The first text was drafted with the leadership of independents and left-wing sectors. If it had been approved, it would have enshrined more than 100 rights, the most of any national charter in history, including the right to housing, education, internet access, clean air, sanitation and care “from birth to death.” One year and three months later, Chileans again said no to a document that, for many, was far more conservative than the current Constitution, although it was revised several times in the process.

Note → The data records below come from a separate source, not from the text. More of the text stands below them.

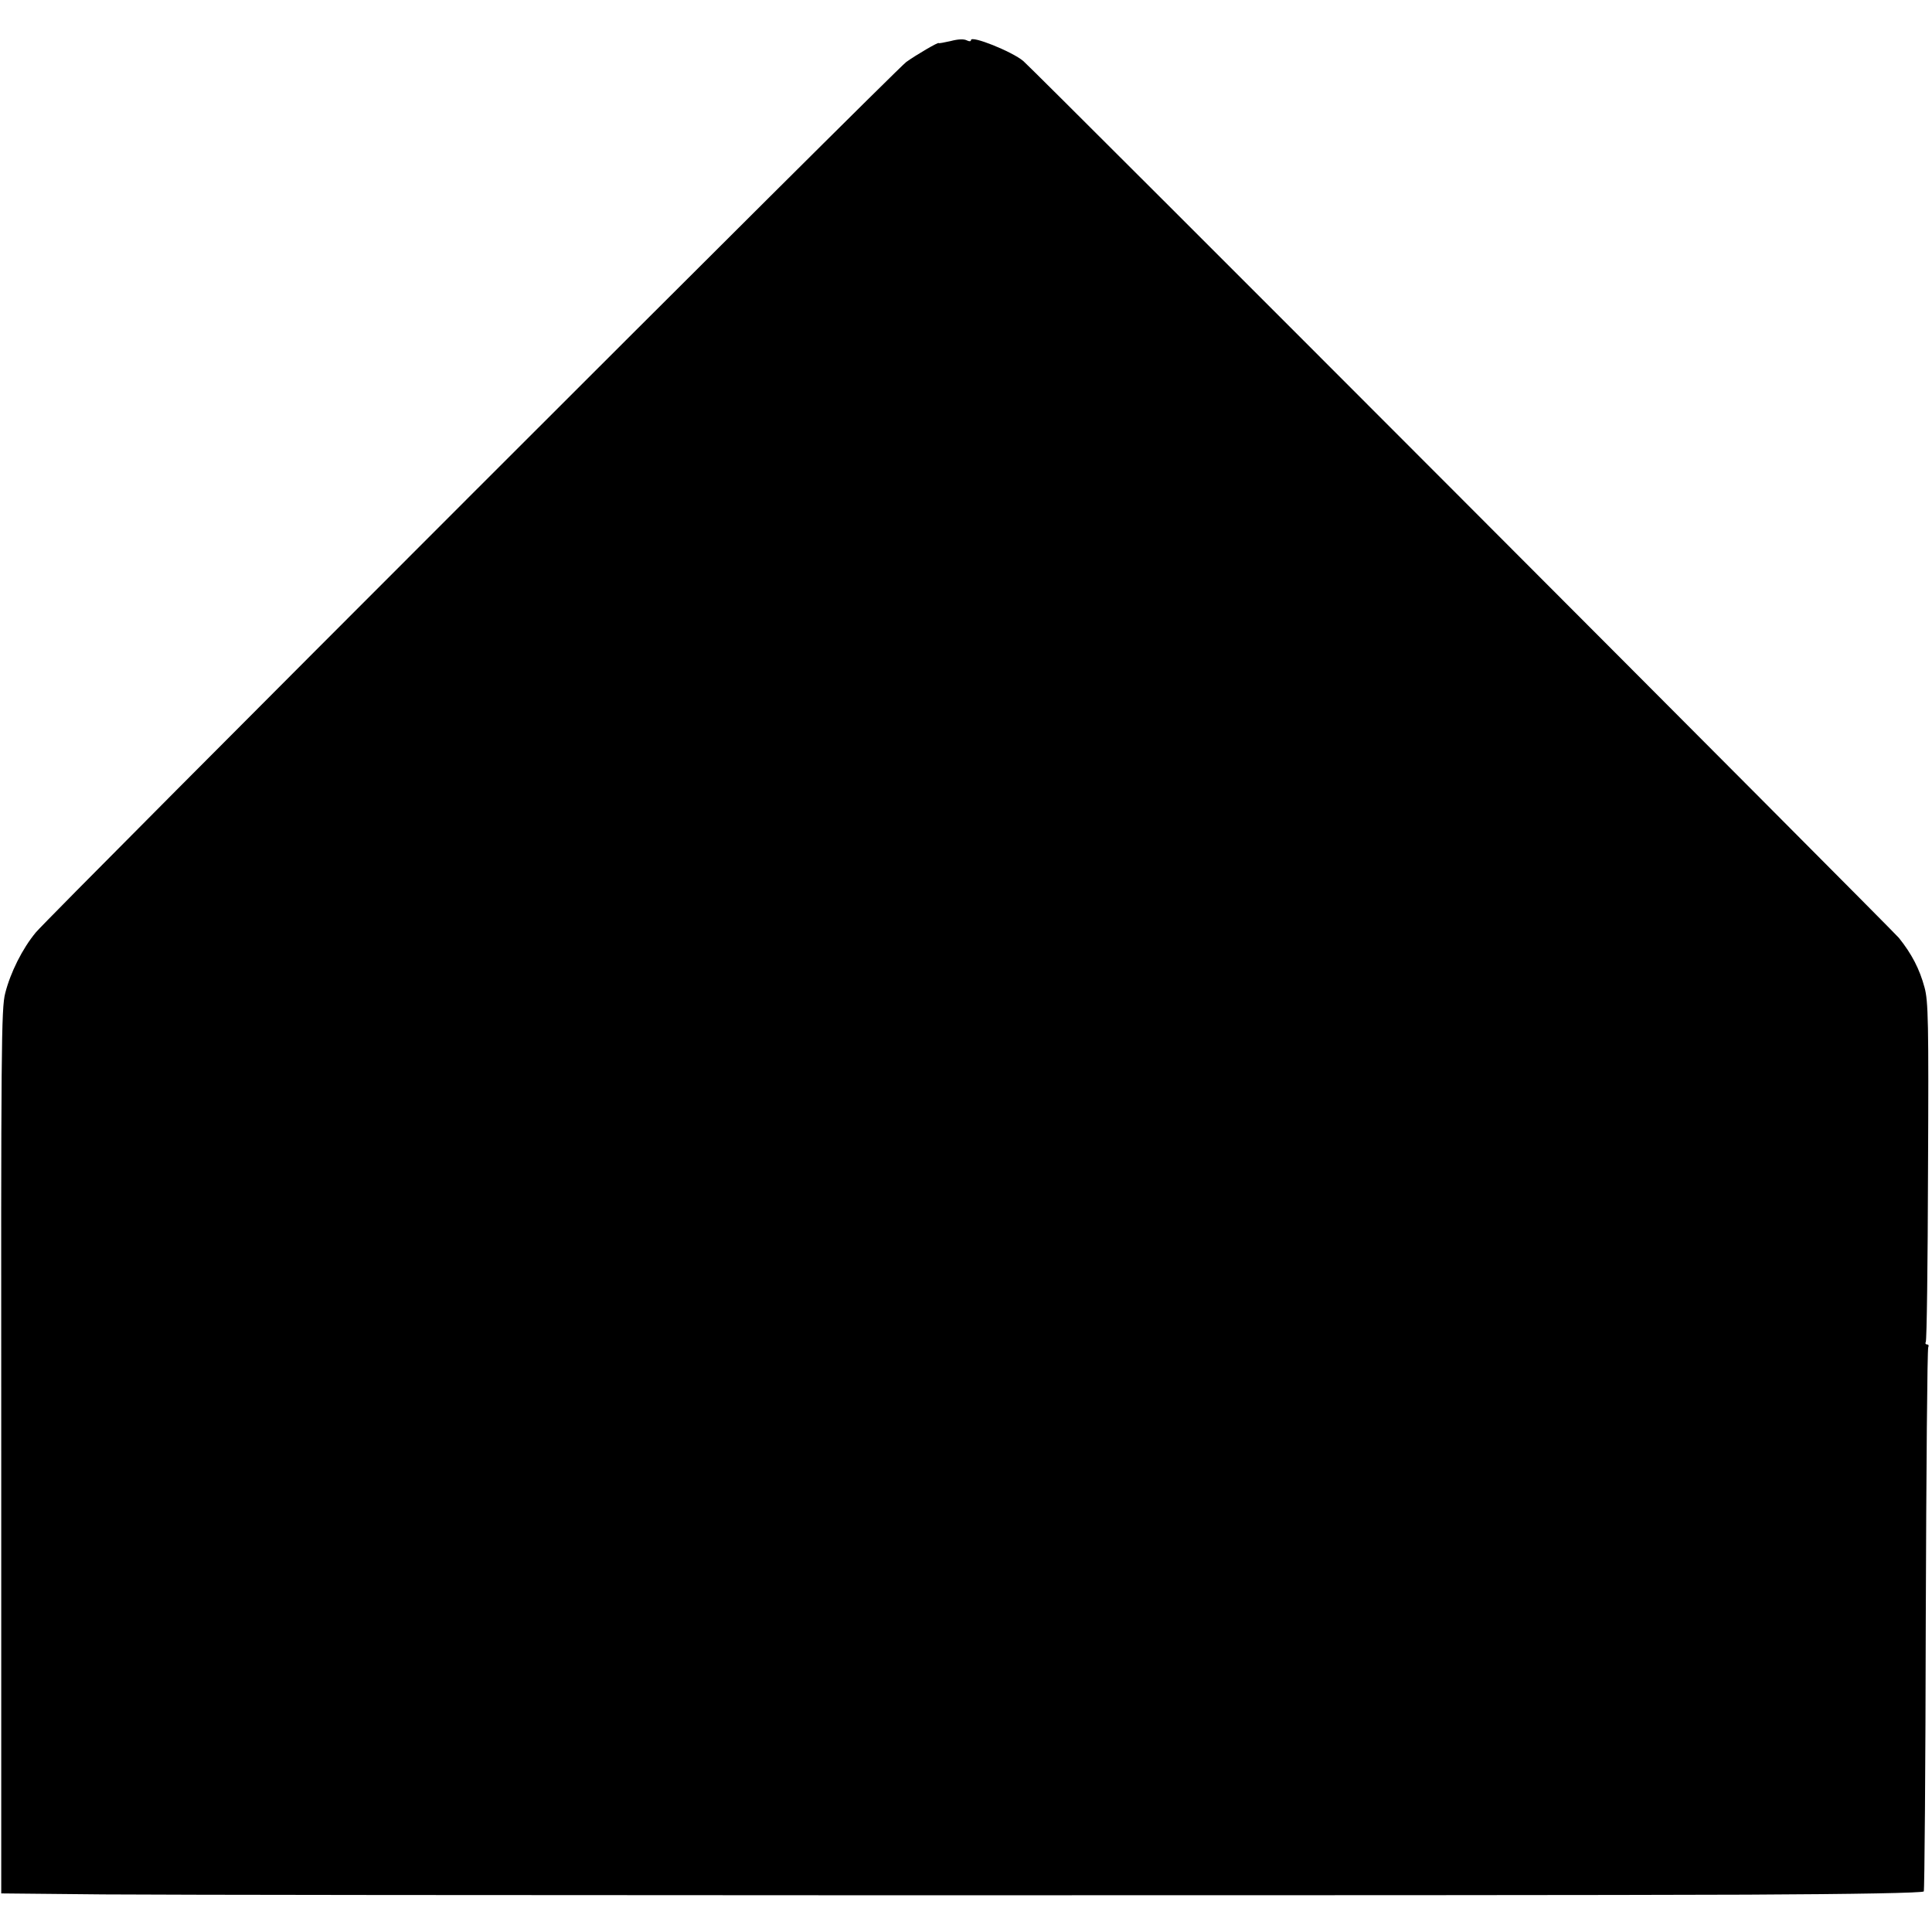 <?xml version="1.0" standalone="no"?>
<!DOCTYPE svg PUBLIC "-//W3C//DTD SVG 20010904//EN"
 "http://www.w3.org/TR/2001/REC-SVG-20010904/DTD/svg10.dtd">
<svg version="1.0" xmlns="http://www.w3.org/2000/svg"
 width="776pt" height="776pt" viewBox="0 0 776 776"
 preserveAspectRatio="xMidYMid meet">
<g transform="translate(0,776) scale(0.1,-0.1)"
fill="#000000" stroke="none">
<path d="M3818 7595 c-27 -6 -48 -10 -48 -8 0 5 -88 -46 -130 -76 -43 -31
-3438 -3426 -3496 -3496 -54 -65 -102 -161 -123 -244 -16 -60 -17 -218 -16
-1841 l0 -1775 410 -4 c518 -4 5664 -5 6603 -1 438 2 705 7 709 13 3 5 7 497
8 1093 2 595 6 1087 10 1093 3 6 1 11 -5 11 -6 0 -8 5 -5 10 4 6 8 315 9 687
3 602 1 682 -14 737 -20 74 -51 134 -103 199 -33 39 -3471 3483 -3517 3522
-45 38 -210 104 -210 84 0 -6 -7 -6 -17 -1 -12 6 -35 5 -65 -3z"/>
</g>
</svg>
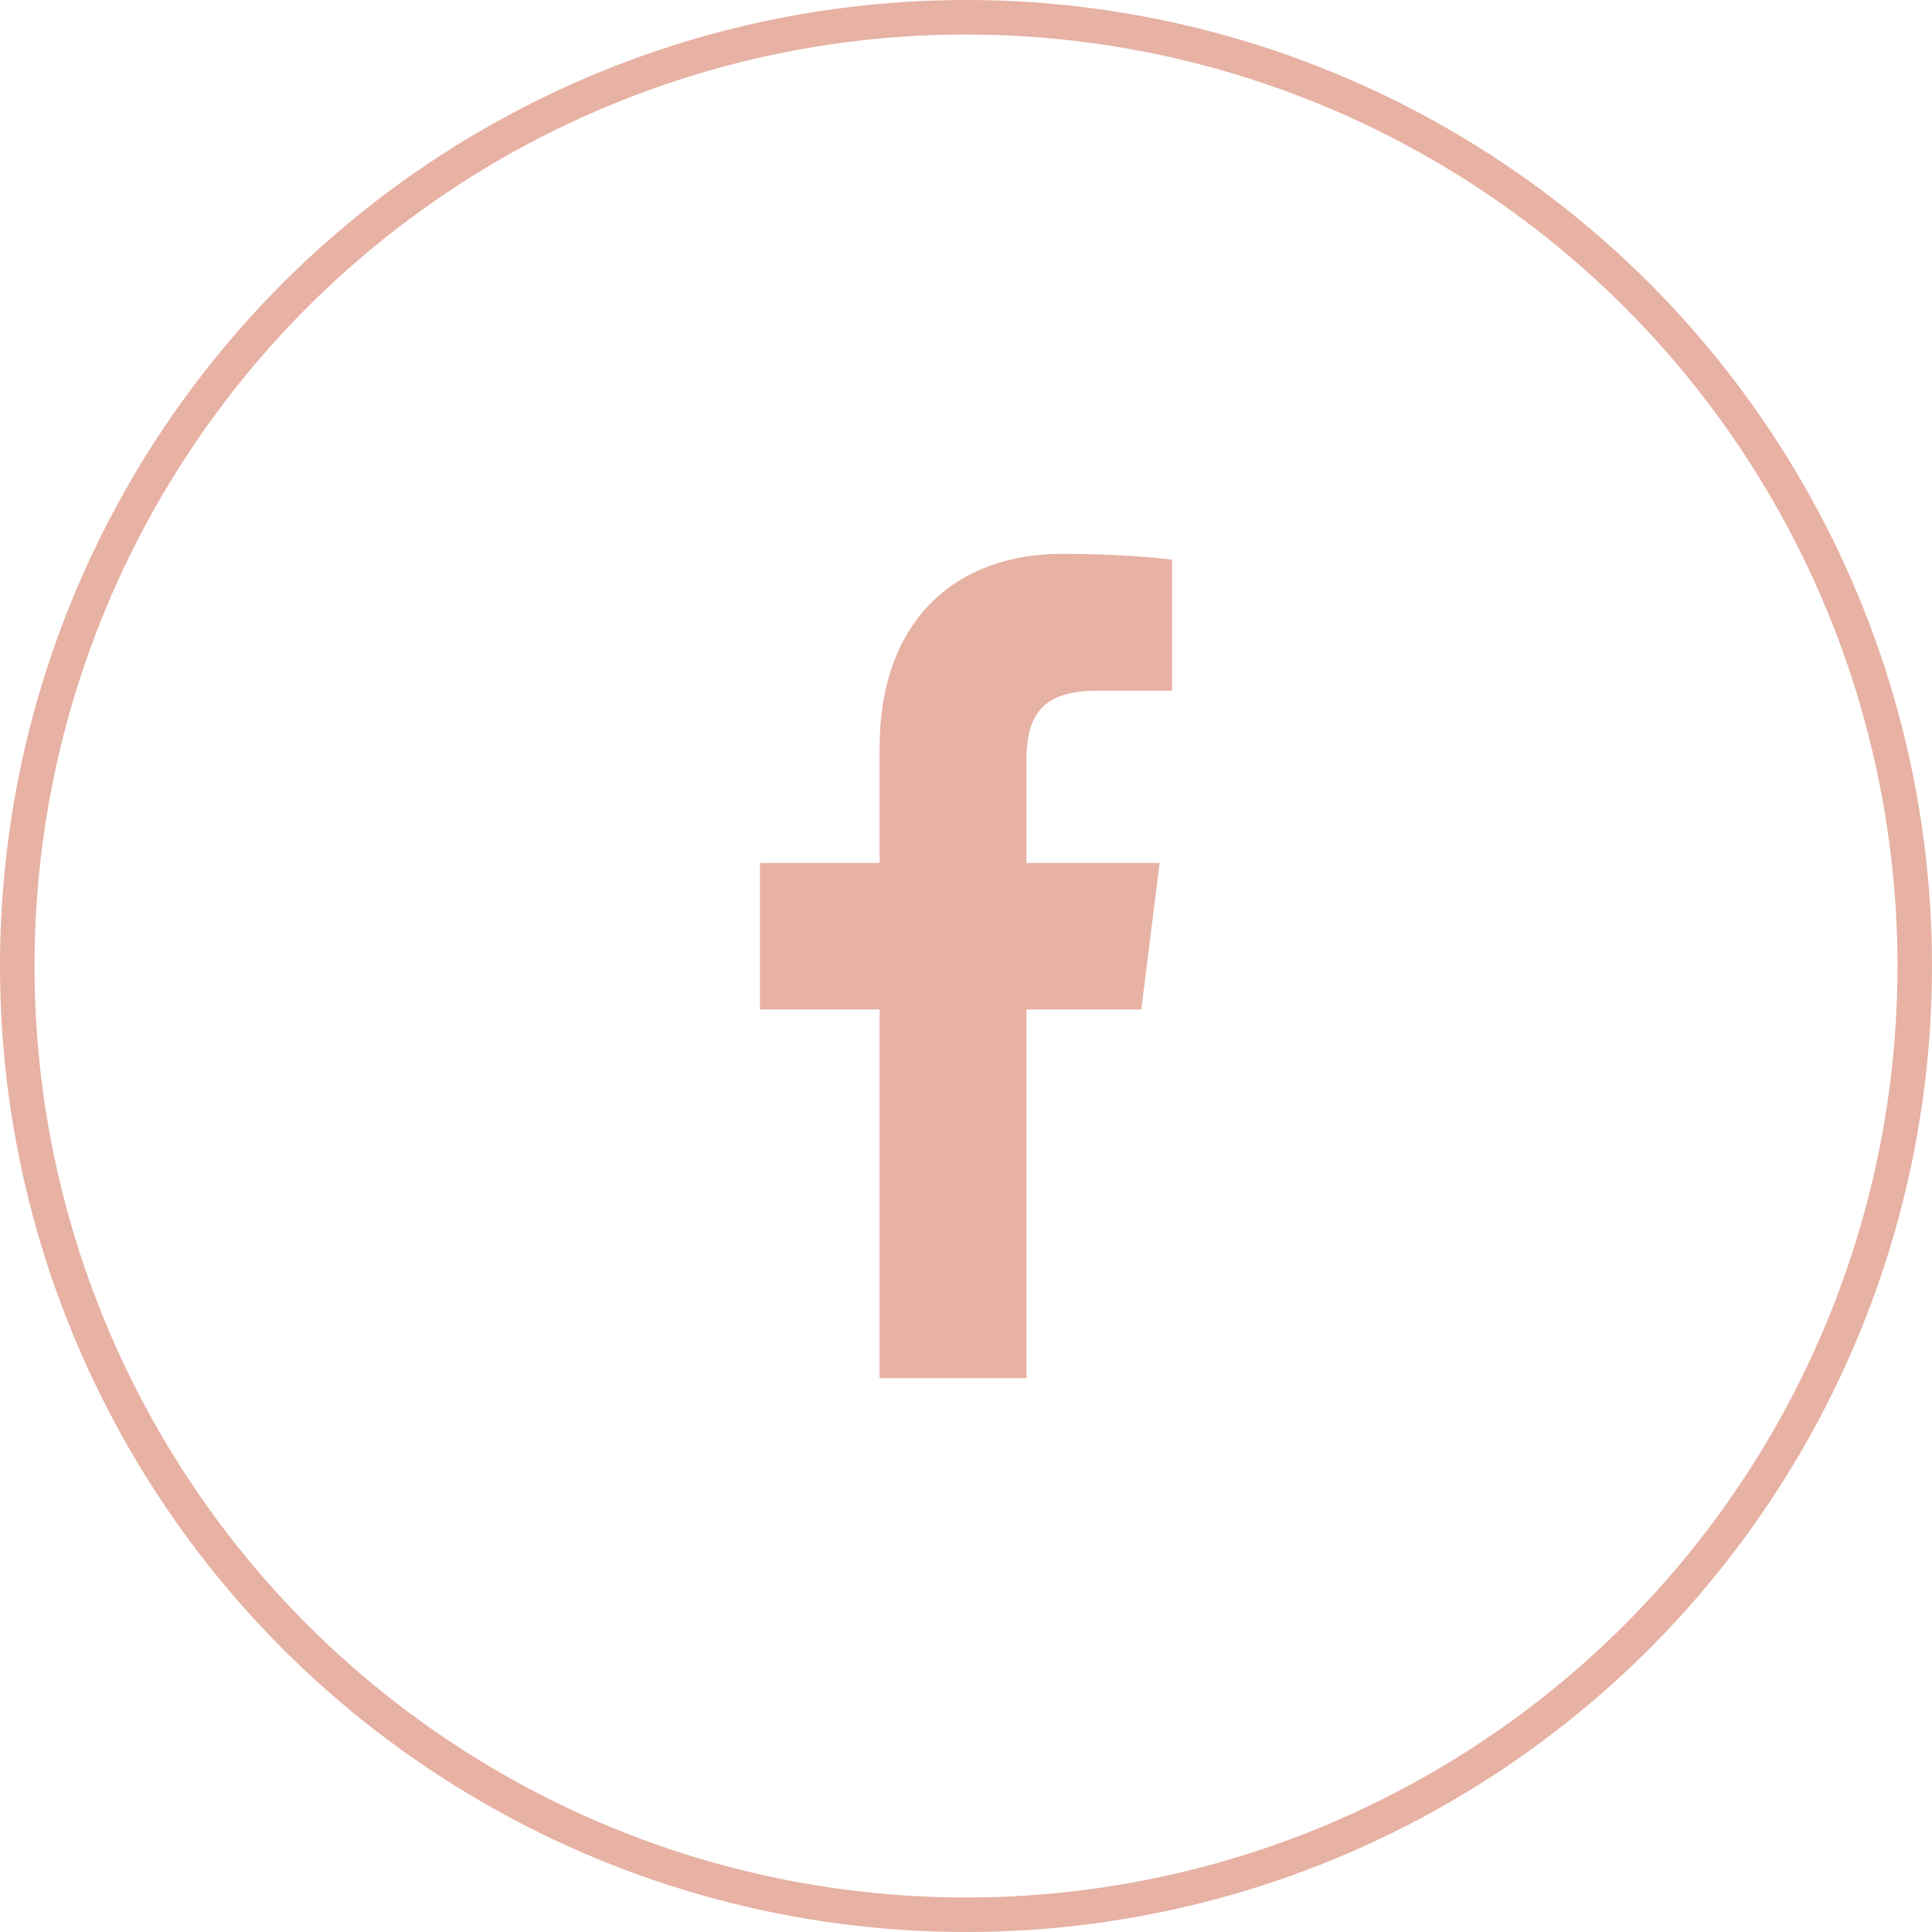 <svg width="56" height="56" viewBox="0 0 56 56" fill="none" xmlns="http://www.w3.org/2000/svg">
<circle cx="28" cy="28" r="27.5" stroke="#E7B1A3"/>
<path d="M31.792 20.021H33.974V16.222C33.597 16.17 32.303 16.053 30.796 16.053C27.651 16.053 25.496 18.032 25.496 21.667V25.013H22.026V29.26H25.496V39.947H29.752V29.261H33.082L33.61 25.014H29.75V22.088C29.752 20.861 30.082 20.021 31.792 20.021Z" fill="#E7B1A3"/>
</svg>

But what does this defeat mean? “The failure lies in the Chilean ruling political class that misinterpreted and derailed the demands of the social outburst of 2019,” said political scientist Juan Pablo Luna, professor at the School of Government of the Pontificia Universidad Católica de Chile. The first reading, the most obvious, is the failure of the right-wing to lead this second constitutional attempt to a successful conclusion. The result of the elections means a defeat for the extreme right led by the former presidential candidate José Antonio Kast, who was the protagonist  this second proposal.

The Mapuche, which makes up 13% of the Chilean population were not fooled into supporting a constitution that excluded their interests and was really no better than the existing archaic constitution of Pinochet. Ultimatley the authors of it were tied to a business model that favors the rich and individual interests.

“The main one responsible for this failure is undoubtedly the far right Republican Party, which had the opportunity to elaborate a text that would bring unity and did not take advantage of it. Now, the center-right is also responsible for this failure, as it should have done much more to include social democracy but preferred to align itself with the Republicans to avoid the drain of voters,” added Chilean journalist Sylvia Eyzaguirre.

This is also a bitter victory for the mostly leftist sectors, which were behind the “against” option but which, for the second time, lost in their historical yearning to change the current Constitution.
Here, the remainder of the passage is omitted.